WHAT TO PRODUCE
Starting at the line that contains "3.0 s have elapsed since image 1.", write out every line through the end of the records below exactly as it appears, and leave out all pictures.

*** DATA TO PROCESS

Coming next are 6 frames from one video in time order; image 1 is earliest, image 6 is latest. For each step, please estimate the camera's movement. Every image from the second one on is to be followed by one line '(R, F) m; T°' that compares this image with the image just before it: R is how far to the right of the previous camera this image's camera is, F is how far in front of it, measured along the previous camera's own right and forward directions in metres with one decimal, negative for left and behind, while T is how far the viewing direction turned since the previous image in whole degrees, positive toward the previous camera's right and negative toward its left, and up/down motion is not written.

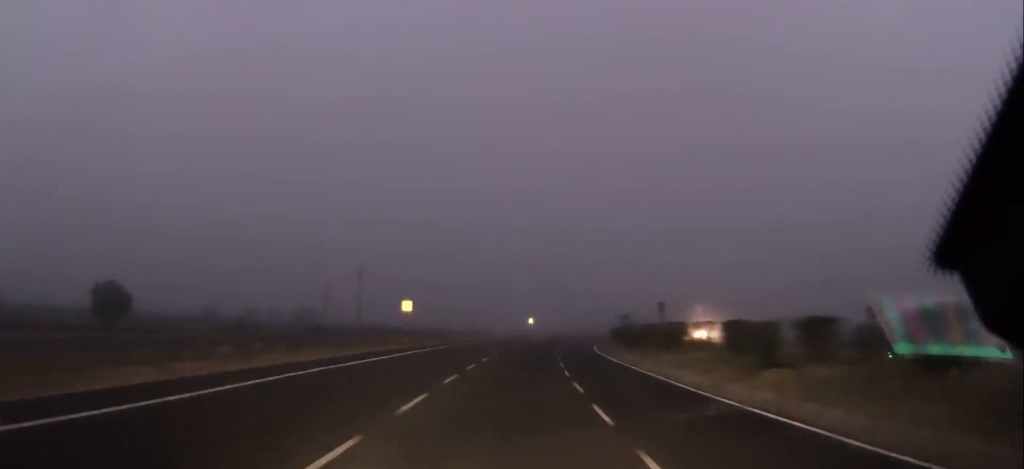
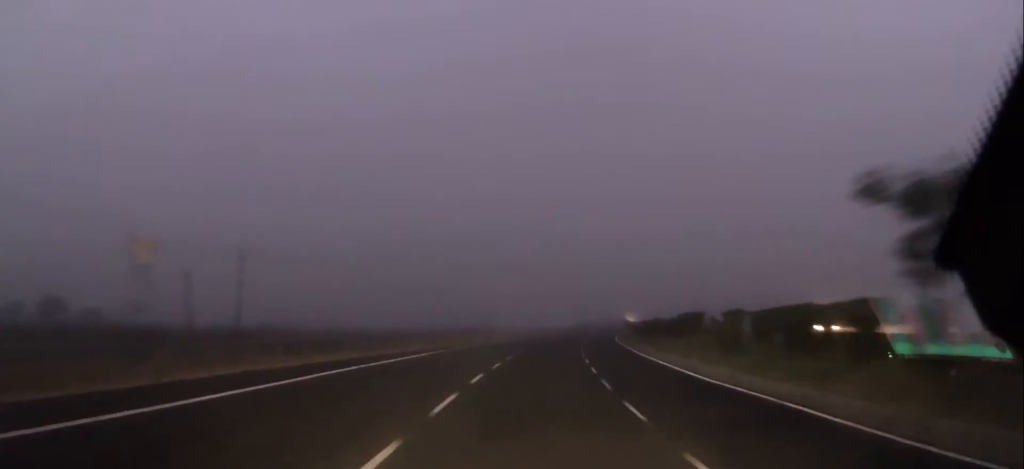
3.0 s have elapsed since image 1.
(+7.9, +102.1) m; +9°
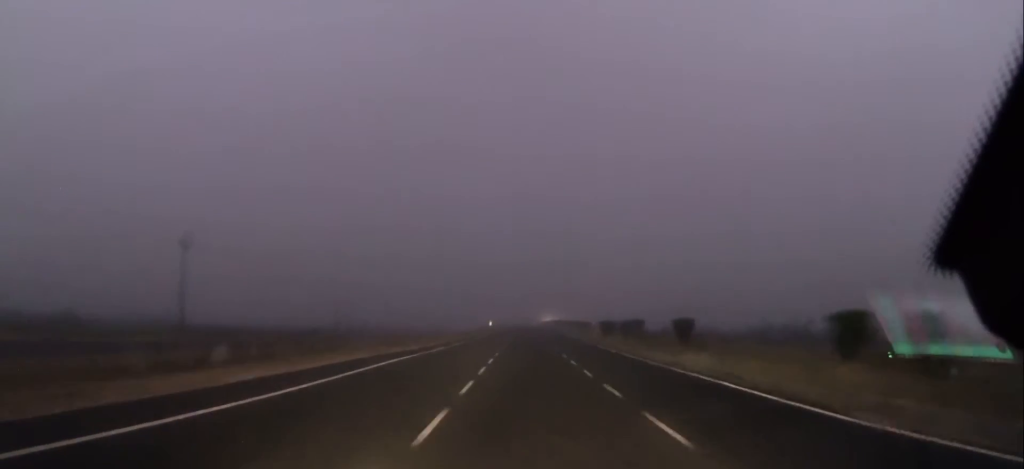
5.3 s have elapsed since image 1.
(+6.4, +73.9) m; +8°
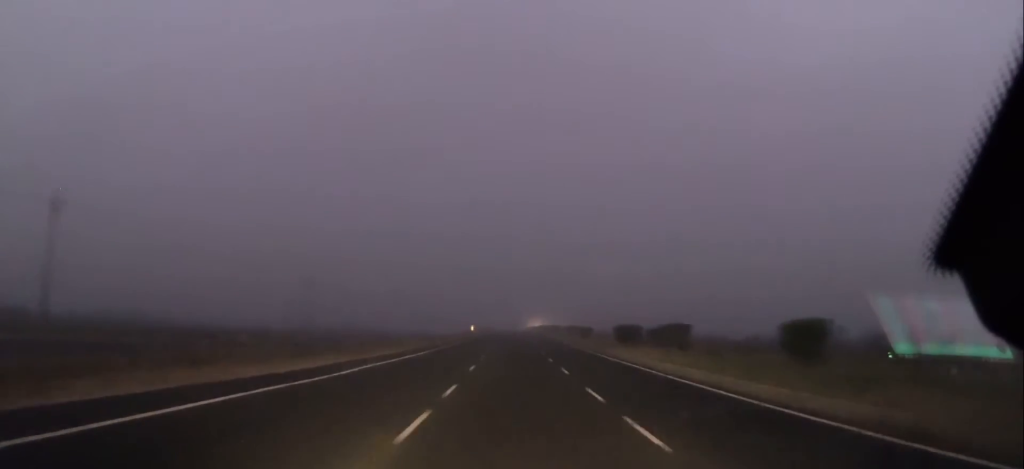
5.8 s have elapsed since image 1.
(0.0, +18.1) m; +1°
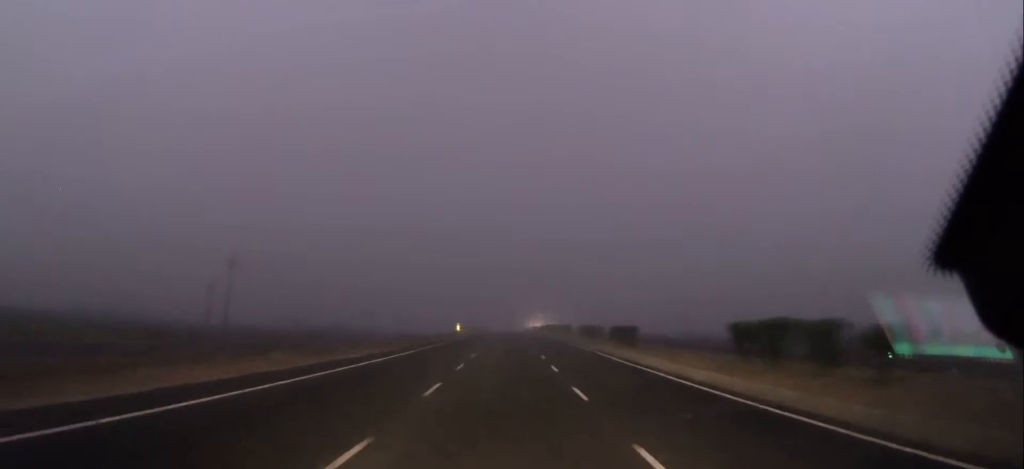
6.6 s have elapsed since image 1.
(+0.1, +27.2) m; +1°
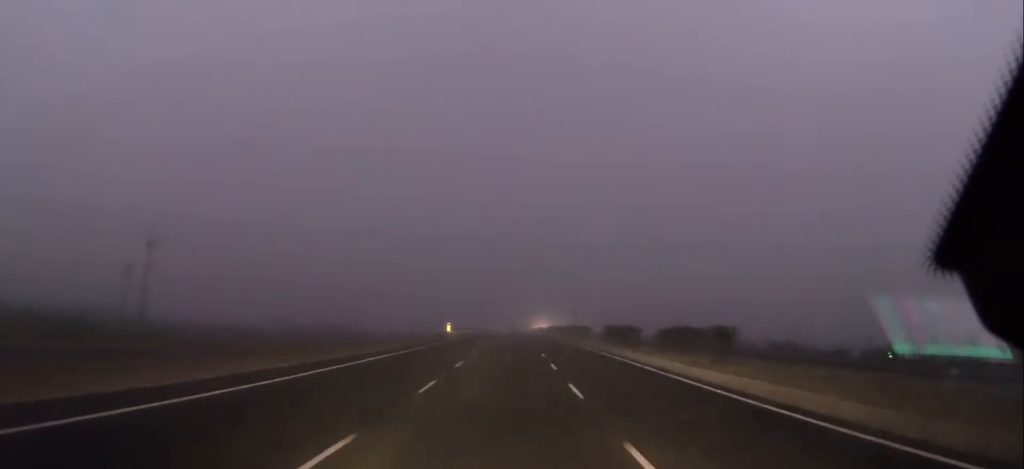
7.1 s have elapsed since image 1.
(+0.2, +18.2) m; 0°

******

SOLUTION FOR THIS PROBLEM
3.0 s have elapsed since image 1.
(+7.9, +102.1) m; +9°
5.3 s have elapsed since image 1.
(+6.4, +73.9) m; +8°
5.8 s have elapsed since image 1.
(0.0, +18.1) m; +1°
6.6 s have elapsed since image 1.
(+0.1, +27.2) m; +1°
7.1 s have elapsed since image 1.
(+0.2, +18.2) m; 0°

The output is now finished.